Cord Farmers’ Strategies And Replanting Performance In A Context Of Coconut Lethal Yellowing Disease Along The Coastal Region In Ghana
A survey made in the coastal belt of Ghana resulted in some valuable knowledge of farmers strategies and practices to reduce the disease's impact at the farm level. This study was carried out in 2003 and 2004 on around twenty five farms involved in the replanting programme of the Coconut Sector Development Project in 4 districts of the Western and Central Regions of Ghana.
The diversity of cropping situations encountered in the programme offered a wide scope for opportunity diagnoses to identify, describe and understand what determines farmer practices. It also permits to assess and compare both the agronomic and economic efficiency of such smallholder practices under diversified environmental conditions.

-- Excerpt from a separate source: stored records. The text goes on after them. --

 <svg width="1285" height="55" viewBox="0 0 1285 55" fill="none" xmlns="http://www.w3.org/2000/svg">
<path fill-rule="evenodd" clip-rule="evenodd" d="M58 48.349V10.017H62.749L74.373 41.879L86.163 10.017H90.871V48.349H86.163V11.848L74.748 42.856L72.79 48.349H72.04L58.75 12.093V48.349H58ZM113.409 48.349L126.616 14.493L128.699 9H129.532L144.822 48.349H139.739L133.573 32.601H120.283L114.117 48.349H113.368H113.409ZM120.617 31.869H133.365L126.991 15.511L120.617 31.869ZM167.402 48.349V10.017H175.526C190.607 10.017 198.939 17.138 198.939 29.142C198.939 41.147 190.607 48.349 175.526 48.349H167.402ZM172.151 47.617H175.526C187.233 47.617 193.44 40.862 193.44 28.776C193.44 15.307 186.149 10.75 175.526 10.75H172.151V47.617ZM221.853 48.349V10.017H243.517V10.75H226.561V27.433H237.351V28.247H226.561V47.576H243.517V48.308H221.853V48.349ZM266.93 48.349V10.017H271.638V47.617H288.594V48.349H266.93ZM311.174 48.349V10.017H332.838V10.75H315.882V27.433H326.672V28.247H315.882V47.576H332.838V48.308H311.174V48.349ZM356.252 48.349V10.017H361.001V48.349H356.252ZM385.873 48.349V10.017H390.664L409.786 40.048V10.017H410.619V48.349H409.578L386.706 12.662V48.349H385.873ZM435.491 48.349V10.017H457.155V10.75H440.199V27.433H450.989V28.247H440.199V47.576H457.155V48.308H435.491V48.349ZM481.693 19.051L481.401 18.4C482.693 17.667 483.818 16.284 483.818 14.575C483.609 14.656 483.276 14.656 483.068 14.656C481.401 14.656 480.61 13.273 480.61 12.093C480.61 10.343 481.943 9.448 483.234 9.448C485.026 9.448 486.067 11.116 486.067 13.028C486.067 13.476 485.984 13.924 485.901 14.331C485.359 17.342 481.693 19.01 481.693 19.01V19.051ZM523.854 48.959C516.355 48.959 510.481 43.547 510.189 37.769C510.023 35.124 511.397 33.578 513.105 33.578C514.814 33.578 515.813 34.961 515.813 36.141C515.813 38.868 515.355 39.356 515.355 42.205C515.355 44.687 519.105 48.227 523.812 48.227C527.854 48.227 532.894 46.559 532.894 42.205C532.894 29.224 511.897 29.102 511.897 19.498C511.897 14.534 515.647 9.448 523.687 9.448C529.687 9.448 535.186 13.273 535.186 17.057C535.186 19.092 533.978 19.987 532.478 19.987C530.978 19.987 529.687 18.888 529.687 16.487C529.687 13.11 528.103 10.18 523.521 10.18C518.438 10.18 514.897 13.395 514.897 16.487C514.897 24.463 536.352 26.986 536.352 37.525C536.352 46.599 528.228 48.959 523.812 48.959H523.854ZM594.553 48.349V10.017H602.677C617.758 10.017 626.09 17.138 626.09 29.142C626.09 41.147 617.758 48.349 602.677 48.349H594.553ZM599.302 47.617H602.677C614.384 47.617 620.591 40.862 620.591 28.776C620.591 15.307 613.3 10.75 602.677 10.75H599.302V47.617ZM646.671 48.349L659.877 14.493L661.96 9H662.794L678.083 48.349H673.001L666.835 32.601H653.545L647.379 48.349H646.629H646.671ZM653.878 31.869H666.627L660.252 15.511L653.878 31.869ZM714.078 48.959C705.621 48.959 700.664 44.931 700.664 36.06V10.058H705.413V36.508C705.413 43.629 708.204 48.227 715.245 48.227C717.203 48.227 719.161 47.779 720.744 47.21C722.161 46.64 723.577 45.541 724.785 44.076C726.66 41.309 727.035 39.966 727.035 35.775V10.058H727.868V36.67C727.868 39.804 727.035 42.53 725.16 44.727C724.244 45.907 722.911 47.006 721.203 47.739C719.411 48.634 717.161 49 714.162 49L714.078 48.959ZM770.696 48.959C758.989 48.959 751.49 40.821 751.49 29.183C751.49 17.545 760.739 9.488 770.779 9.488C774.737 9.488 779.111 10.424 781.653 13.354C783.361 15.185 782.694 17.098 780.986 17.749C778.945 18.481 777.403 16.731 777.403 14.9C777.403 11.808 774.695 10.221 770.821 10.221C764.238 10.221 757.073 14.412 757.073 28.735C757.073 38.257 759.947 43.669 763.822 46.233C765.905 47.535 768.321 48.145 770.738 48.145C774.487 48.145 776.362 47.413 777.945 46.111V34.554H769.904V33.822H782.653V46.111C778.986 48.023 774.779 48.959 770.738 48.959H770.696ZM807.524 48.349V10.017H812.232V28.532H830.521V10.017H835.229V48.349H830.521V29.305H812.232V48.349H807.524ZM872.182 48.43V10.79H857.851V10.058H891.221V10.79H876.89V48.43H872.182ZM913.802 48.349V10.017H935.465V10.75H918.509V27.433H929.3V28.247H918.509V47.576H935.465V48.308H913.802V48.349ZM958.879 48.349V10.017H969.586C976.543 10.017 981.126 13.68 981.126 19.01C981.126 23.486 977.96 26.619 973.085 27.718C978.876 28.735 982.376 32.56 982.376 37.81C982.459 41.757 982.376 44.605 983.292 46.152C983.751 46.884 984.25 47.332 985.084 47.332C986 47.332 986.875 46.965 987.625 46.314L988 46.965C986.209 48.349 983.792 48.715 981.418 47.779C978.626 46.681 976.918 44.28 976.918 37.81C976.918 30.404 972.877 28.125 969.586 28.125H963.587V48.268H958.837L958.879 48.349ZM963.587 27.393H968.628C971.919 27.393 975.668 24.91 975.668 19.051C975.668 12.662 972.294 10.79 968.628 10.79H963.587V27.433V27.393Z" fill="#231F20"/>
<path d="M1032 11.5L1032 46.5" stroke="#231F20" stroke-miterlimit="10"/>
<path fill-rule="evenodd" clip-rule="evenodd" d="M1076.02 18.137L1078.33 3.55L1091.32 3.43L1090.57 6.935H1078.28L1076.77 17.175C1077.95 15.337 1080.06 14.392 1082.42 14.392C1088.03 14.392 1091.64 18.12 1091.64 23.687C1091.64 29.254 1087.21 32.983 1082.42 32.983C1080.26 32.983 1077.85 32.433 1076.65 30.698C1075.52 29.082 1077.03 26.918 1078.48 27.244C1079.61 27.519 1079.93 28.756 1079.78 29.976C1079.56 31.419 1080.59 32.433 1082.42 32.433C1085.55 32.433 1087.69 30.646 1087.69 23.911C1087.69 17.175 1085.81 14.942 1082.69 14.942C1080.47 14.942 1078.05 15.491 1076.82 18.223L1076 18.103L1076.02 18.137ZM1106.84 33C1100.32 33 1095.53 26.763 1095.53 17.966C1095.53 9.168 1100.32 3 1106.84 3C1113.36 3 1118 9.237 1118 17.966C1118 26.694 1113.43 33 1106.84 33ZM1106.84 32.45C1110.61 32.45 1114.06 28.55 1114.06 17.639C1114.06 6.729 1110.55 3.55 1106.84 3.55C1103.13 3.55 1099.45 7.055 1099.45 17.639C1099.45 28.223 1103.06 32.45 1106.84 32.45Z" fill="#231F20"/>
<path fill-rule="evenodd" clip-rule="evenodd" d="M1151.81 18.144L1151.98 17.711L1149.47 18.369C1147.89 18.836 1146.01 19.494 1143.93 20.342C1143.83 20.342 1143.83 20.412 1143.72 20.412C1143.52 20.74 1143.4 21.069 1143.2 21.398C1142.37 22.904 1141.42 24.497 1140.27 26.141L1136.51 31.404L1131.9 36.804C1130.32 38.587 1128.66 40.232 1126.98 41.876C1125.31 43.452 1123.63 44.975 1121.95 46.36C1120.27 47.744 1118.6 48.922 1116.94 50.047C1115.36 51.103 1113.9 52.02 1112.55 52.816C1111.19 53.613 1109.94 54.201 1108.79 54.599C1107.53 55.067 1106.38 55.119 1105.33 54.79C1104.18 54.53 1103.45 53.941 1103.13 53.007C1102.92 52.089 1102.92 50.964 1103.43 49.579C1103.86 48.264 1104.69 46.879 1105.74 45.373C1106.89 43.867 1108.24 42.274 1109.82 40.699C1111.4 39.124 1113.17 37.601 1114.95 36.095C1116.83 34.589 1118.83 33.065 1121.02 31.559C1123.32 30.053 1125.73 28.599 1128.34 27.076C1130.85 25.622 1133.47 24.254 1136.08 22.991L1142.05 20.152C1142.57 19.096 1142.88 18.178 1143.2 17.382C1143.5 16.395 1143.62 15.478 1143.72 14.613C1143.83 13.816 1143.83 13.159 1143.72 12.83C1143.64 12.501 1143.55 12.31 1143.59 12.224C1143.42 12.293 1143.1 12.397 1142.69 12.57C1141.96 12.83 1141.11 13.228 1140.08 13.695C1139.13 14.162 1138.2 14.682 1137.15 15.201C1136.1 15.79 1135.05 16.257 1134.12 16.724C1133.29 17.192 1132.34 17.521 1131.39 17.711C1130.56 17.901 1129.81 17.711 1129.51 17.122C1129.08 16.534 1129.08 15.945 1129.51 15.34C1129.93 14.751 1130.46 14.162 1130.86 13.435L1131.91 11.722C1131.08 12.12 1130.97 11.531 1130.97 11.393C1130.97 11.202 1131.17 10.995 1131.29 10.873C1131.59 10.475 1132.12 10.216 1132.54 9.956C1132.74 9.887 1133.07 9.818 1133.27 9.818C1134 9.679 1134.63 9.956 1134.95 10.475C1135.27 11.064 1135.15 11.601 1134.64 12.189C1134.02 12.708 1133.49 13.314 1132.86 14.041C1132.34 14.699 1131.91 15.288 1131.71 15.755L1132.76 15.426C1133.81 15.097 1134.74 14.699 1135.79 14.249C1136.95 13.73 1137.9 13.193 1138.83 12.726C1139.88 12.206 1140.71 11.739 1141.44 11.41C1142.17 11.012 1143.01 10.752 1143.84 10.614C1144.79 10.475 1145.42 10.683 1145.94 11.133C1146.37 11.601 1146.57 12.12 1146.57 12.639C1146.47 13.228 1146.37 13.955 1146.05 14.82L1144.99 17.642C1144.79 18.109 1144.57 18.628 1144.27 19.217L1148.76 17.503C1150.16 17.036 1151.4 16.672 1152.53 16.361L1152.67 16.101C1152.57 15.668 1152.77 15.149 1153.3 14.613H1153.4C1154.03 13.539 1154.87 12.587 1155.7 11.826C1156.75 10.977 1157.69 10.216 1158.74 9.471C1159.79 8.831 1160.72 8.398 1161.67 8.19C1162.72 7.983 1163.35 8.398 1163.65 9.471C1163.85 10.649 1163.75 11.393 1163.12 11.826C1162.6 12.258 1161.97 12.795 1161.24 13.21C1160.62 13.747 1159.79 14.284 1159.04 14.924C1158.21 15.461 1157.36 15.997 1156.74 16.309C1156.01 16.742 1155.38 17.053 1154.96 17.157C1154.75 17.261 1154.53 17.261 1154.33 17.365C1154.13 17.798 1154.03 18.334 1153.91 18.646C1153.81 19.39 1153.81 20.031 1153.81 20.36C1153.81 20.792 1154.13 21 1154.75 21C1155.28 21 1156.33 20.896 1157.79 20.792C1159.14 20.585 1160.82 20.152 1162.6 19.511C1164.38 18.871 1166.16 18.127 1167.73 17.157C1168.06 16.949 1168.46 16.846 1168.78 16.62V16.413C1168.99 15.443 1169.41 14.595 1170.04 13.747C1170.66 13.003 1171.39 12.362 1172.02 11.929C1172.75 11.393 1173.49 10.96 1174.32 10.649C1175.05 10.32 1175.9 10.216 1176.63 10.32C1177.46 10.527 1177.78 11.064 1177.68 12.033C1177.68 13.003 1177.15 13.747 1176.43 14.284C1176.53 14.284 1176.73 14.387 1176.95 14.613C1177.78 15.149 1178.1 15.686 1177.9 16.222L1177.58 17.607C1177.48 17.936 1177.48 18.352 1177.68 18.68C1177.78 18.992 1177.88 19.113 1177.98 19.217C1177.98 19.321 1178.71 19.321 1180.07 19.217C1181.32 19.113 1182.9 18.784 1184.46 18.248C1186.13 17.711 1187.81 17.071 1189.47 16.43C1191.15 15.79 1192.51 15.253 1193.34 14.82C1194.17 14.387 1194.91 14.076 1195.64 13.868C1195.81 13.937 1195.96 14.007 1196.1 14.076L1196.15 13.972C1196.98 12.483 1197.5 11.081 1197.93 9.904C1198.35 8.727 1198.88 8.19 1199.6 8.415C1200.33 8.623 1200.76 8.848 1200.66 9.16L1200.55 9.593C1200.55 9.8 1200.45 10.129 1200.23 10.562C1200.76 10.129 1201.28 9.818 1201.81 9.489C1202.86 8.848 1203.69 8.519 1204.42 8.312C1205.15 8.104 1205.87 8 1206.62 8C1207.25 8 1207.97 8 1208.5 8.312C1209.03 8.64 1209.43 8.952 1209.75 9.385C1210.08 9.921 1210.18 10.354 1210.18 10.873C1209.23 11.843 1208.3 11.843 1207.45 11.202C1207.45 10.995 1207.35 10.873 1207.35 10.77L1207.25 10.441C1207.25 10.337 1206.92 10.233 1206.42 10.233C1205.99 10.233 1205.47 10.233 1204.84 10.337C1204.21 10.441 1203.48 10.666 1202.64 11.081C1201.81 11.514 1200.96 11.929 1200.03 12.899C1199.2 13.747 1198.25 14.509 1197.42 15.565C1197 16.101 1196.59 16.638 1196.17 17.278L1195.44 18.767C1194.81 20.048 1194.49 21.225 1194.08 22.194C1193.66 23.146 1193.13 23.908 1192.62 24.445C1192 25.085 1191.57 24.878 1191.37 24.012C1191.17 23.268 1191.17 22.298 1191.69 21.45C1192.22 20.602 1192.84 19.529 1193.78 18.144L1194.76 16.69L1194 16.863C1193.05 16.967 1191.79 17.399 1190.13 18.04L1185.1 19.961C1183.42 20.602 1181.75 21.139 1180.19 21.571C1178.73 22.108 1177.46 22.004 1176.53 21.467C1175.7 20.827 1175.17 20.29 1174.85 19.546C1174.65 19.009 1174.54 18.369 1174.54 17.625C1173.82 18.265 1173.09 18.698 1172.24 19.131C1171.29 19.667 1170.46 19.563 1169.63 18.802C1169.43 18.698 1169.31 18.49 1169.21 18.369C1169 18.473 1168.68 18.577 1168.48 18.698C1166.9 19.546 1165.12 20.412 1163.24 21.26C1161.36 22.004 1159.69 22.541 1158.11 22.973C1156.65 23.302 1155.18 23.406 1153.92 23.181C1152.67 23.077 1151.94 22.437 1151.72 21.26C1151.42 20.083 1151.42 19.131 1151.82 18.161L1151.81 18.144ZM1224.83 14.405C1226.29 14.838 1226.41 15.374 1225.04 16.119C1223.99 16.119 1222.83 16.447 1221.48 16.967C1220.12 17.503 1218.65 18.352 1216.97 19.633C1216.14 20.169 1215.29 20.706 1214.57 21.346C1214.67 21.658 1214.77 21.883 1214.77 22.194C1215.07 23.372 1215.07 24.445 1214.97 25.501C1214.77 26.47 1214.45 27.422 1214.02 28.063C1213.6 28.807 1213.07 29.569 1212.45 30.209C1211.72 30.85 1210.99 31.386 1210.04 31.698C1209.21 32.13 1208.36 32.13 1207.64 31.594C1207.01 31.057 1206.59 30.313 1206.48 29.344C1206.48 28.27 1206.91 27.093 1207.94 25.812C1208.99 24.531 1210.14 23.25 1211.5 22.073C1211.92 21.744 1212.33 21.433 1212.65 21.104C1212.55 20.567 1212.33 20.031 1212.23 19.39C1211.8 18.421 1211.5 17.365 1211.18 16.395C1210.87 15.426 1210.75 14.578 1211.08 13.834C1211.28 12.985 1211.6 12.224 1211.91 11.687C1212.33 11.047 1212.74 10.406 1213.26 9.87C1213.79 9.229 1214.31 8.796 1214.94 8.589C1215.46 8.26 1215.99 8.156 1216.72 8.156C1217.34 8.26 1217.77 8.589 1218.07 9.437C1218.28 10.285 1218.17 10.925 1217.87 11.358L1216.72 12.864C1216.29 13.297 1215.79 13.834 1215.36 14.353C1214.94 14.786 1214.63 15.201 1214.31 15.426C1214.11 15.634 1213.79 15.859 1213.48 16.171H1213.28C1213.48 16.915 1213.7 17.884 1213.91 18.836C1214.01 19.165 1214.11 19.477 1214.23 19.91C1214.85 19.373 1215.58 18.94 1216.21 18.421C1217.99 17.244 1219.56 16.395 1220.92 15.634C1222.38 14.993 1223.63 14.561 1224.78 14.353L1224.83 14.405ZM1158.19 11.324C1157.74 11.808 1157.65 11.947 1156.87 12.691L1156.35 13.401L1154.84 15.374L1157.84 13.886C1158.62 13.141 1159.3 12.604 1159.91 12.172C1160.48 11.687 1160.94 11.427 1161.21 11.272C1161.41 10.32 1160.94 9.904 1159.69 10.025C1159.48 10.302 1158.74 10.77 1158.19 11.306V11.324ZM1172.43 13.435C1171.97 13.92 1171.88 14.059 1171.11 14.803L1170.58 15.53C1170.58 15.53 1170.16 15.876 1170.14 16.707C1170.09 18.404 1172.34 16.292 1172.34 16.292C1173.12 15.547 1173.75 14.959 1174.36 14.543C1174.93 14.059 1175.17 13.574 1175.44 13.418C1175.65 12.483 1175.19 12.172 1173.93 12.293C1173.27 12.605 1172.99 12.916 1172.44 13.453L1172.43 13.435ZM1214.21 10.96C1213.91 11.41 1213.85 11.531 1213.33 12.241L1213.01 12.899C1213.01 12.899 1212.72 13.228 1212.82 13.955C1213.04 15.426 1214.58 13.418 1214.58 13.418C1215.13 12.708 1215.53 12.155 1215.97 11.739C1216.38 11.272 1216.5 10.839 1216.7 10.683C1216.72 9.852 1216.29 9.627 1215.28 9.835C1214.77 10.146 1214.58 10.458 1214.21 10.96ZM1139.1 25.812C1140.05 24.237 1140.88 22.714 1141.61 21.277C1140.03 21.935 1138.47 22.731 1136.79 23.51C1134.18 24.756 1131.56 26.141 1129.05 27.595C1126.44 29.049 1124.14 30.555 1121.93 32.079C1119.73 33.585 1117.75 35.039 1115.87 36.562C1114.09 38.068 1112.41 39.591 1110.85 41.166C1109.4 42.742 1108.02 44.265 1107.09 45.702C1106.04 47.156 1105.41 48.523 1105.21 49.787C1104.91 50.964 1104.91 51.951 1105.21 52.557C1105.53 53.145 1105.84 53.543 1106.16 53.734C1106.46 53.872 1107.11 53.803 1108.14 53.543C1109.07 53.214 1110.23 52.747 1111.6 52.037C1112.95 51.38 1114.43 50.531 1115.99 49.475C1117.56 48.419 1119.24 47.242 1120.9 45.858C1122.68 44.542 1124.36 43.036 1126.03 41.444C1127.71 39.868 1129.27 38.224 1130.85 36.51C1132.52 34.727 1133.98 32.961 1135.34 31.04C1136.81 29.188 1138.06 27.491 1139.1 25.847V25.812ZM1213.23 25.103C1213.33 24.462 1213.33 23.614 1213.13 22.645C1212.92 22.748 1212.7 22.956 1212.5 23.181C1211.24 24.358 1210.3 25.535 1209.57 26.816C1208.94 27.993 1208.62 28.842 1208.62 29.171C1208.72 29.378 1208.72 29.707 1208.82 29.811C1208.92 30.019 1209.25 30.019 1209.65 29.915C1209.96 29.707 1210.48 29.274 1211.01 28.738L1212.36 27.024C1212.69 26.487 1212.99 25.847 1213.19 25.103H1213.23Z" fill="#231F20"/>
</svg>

Intercrops provide food and worthwhile income, particularly when vegetable crops are involved. The success of the intercrops often goes hand in hand with satisfactory coconut palm growth, but successive cycles of exhausting crops such as cassava, without compensation through adequate fertilization, is an aggravating factor that can be seen in some farmers plots.
Growth indicators for immature coconut palms made it possible to classify the performance of around twenty smallholdings replanting plots with respect to each other and compare them with the results obtained in the crop management replanting trials. Of this sample, two thirds of the smallholdings inspected displayed growth rates that were similar to the standard, or slightly retarded. The final third were well below standard and their owners are going to be in a very difficult position if they are counting on the production from their coconut palms to pay their loan back.
However, as the risk factors associated with Lethal Yellowing disease still exist, coconut redevelopment and the replanting programme in decimated zones must be rational. It is therefore important to propose more diversified cropping systems over the long term.